# Permutation matrix loss for deep learning

I have a matrix that should be a permutation matrix. I want a function that should return zero loss for all valid permutation matrices and a non-zero number otherwise.

e.g.

loss([
[1, 0, 0],
[0, 1, 0],
[0, 0, 1],
]) = 0

loss([
[0, 1, 0],
[1, 0, 0],
[0, 0, 1],
]) = 0

# Negative numbers and numbers greater than 1 are bad
loss([
[-1, 0, 0],
[0, 2, 0],
[0, 0, 1],
]) > 0

loss([
[0.1, 0, 0],
[0, 0.1, 0],
[0, 0, 0.1],
]) > 0

etc.


This is my current implementation in tensorflow

@tf.function
def bistable_loss(x):
a = (x ** 2)
b = (x - 1) ** 2

return a * b

@tf.function
def permute_matrix_loss(P):
loss = 0

P_square = tf.math.square(P)
axis_1_sum = tf.reduce_sum(P_square, axis=1)
axis_0_sum = tf.reduce_sum(P_square, axis=0)

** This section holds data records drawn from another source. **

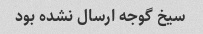
سیخ گوجه ارسال نشده بود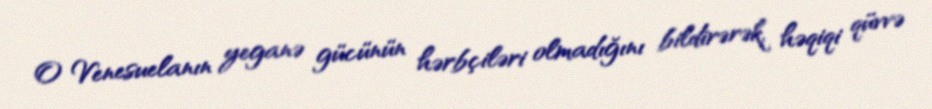
O Venesuelanın yeganə gücünün hərbçiləri olmadığını bildirərək, həqiqi qüvvə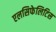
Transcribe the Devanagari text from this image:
एलसिफेलिटिस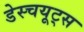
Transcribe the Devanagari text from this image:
डेस्चयूट्स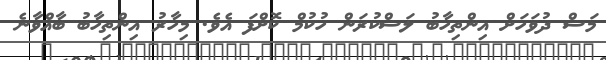
މަސް ދުވަހަށް އިންތިހާބު ލަސްކުރަން ހުކުމް ކޮށްފަ އެވެ. މިހާރު އިންތިހާބު ބާއްވާނެ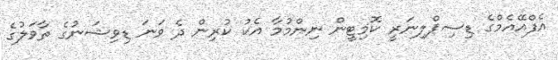
އެފްއޭއެމްގެ ޑިސިޕްލިނަރީ ކޮމިޓީން ނިންމުމާ އެކު ކުރިން ދެ ވަނަ ޑިވިޝަނުގެ ތާވަލުގެ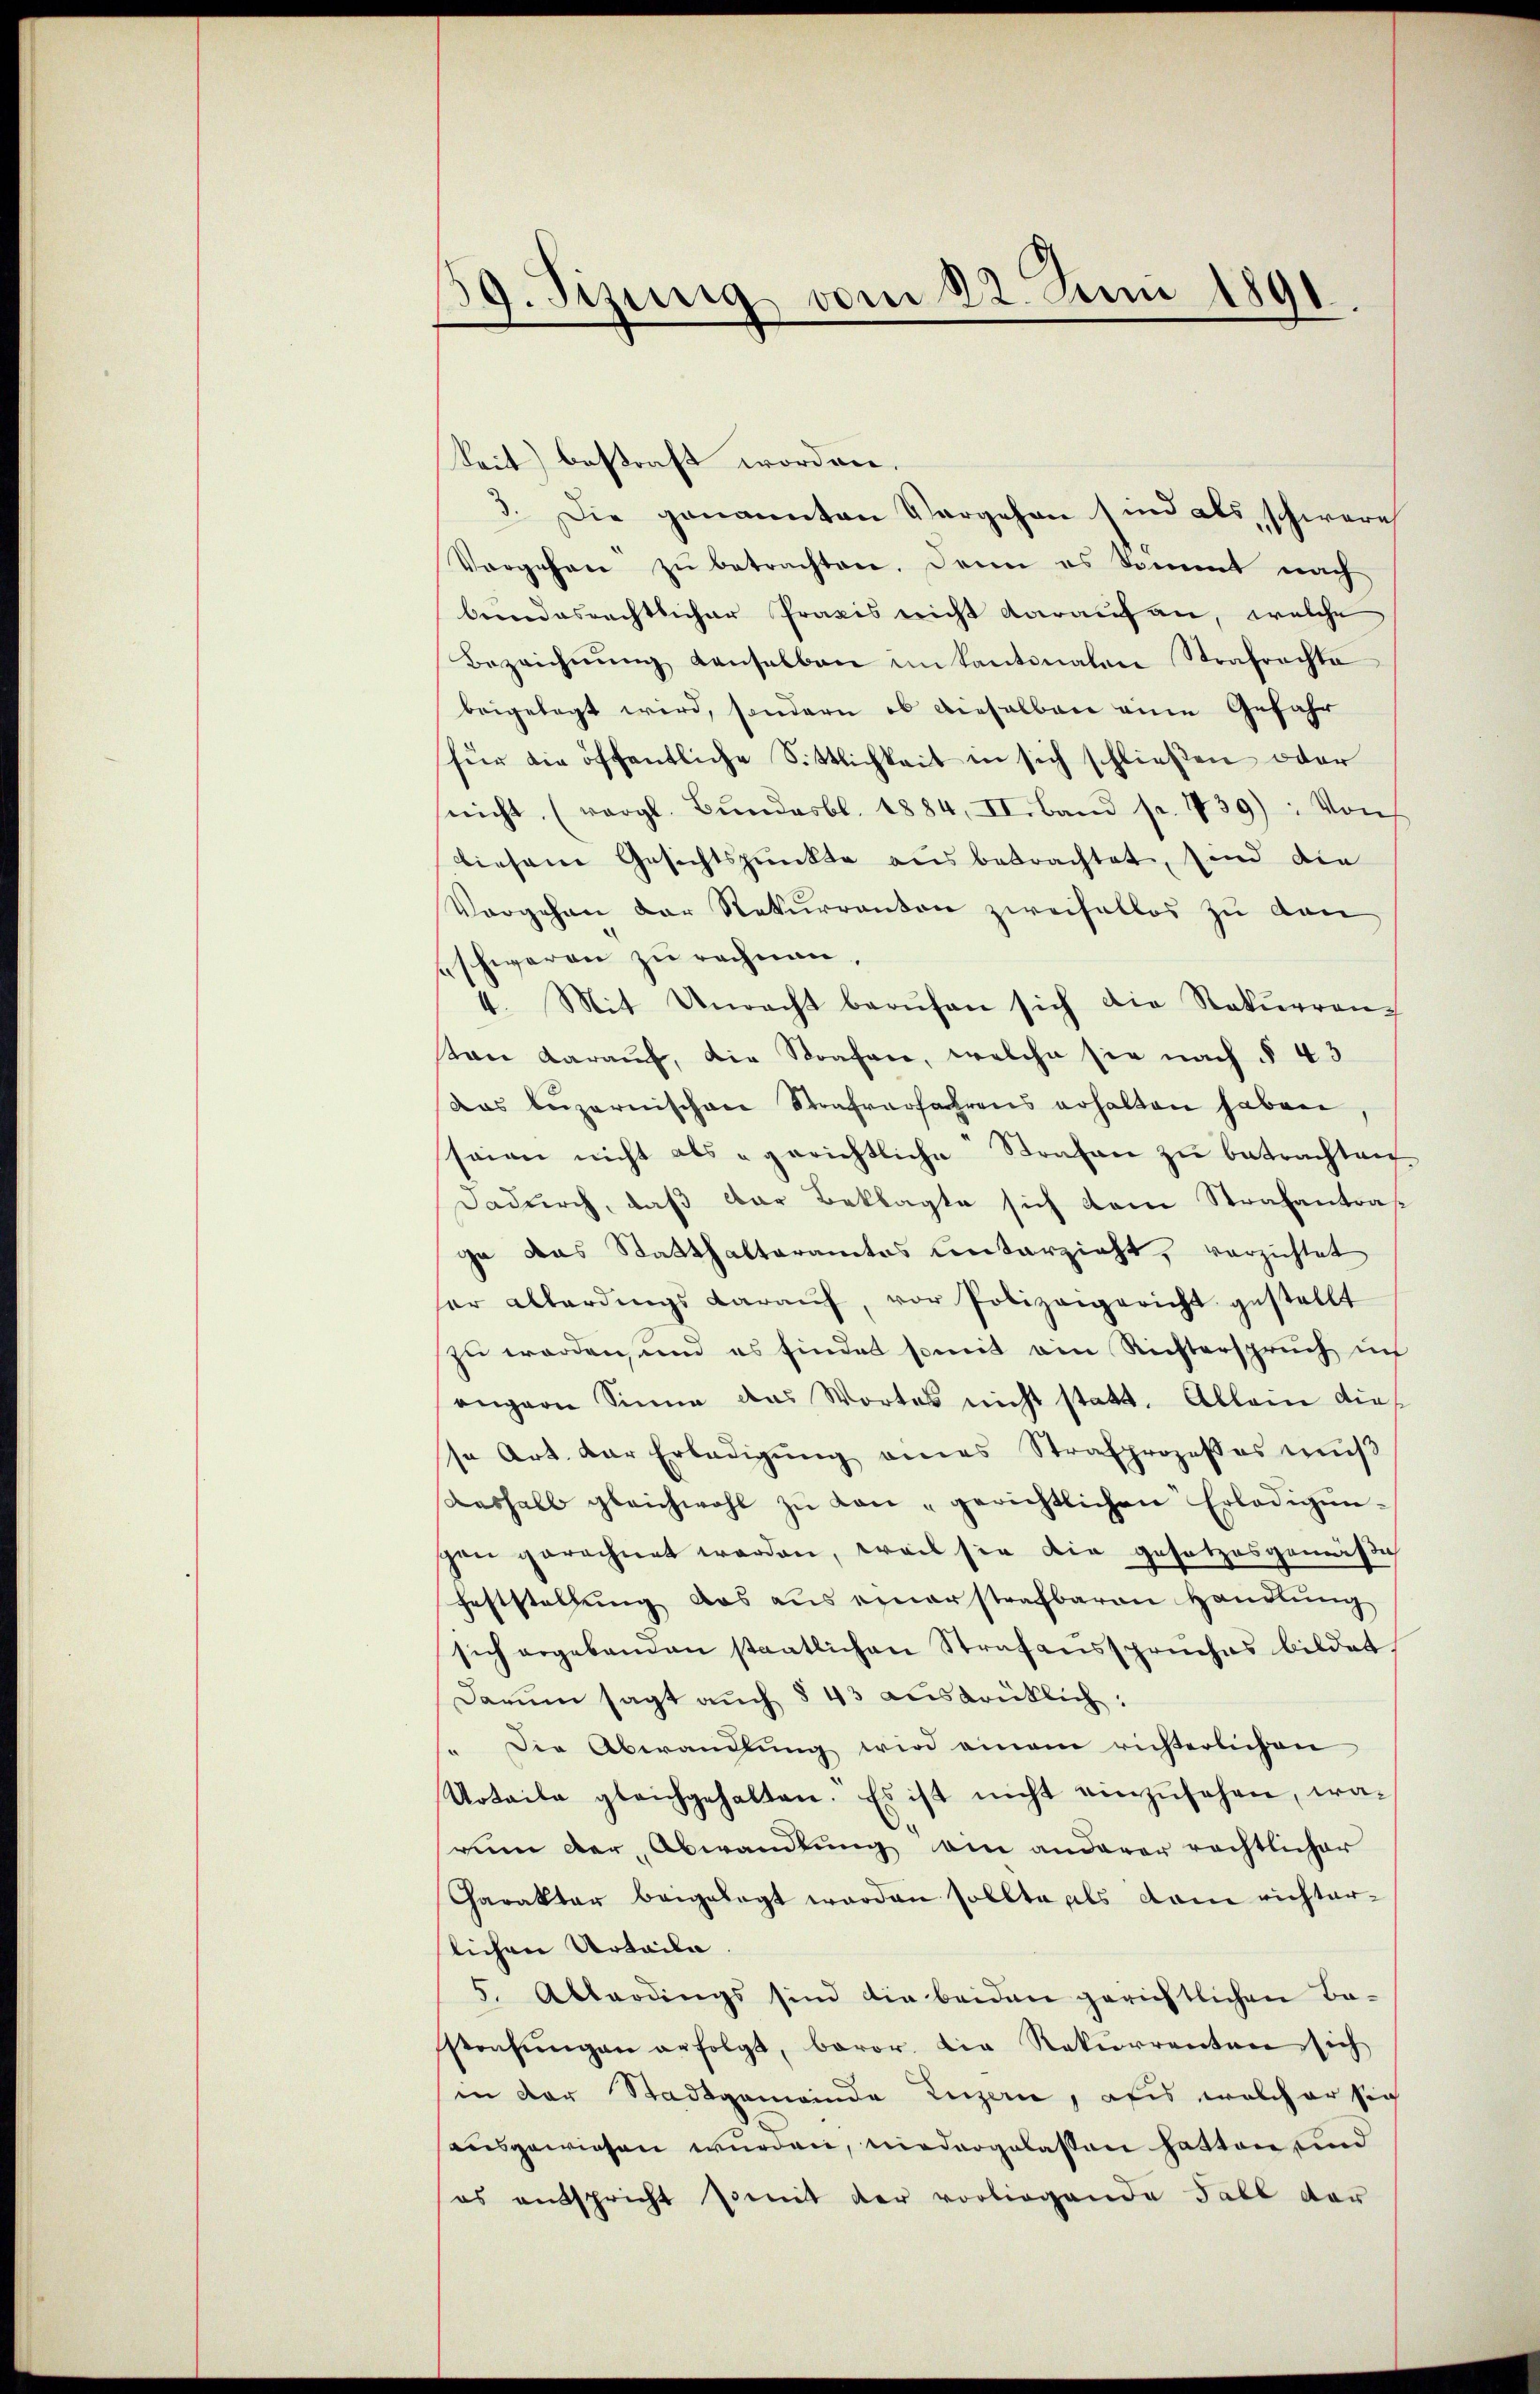
19. Sizung vom 22. Juni 1891.

eit) bestraft worden.
3. Die genannten Vorgehen sind als schwere
Vorgehen zŭ betrachten. Denn es kommt nach
bendesrechtlicher Praxis nicht darauf an, welche
Bezeichnŭng denselben in kantonalen Strafrachte
beigelegt wird, sondern ob dieselben eine Gefahr
für die öffentliche Sittlichkeit in sich schlieβen oder
nicht. (vergl. Bŭndesbl. 1884, II. Band pr. 139): Von
diesene Gesichtspunkte aus betrachtet, sind die
Vorgehen der Rekurranton zweifellos zu den
schweren zu rechnen,
4. Mit Unrecht berŭfen sich die Rekŭrrenz
tan darauf, die Strafen, welche sie nach § 43
das beizernischen Strafverfahrens erhalten haben,
seien nicht als gerichtliche Strafen zu betrachtrech
Dadurch, daß der Beklagte sich dem Strafantras
ge das Statthalteramtes Unterzieht, verzichtet
ser allerdings daraŭf, vor Polizeigericht gestellt
zu worden, und es findet somit am Richterspruch in
engern Sinne das Wortes nicht statt. Allein dies
so Art. der Erledigŭng eines Strafprozesses muß
aashalb gleichwohl zu Lon - gerichtlichen Erledigunpree gerechnet worden, weil sie die gesetzes gemässig
feststellŭng das aus einerstrafbaren Handlŭng
sich ergebenden staatlichen Strafausspruches bildet.
Darum sagt auch § 43 ausdrüklich:
" Die Abwandlŭng wird einem richterlichen
Urtaile gleichgehalten. Es ist nicht einzŭsehen, wad
vum der Abwandlung am anderer rechtlicher
Charakter beigelegt worden sollte als dem richterlichen Urteile
5. Abbardings sind die beiden gerichtlichen Be-
sstrafŭngen erfolgt, baror. die Rekurrenten sich
in der Stadtgemeinde Luzern, als welcher sich
ausgewiesen wurden, niedergelassen hatten und
es entspricht somit der vorliegende Fall der

# Penalize axes not adding up to one
loss += tf.nn.l2_loss(axis_1_sum - 1)
loss += tf.nn.l2_loss(axis_0_sum - 1)

# Penalize numbers outside [0, 1]
loss += tf.math.reduce_sum(bistable_loss(P))

return loss


Is there any existing literature on this subject which has a more elegant/robust solution for this?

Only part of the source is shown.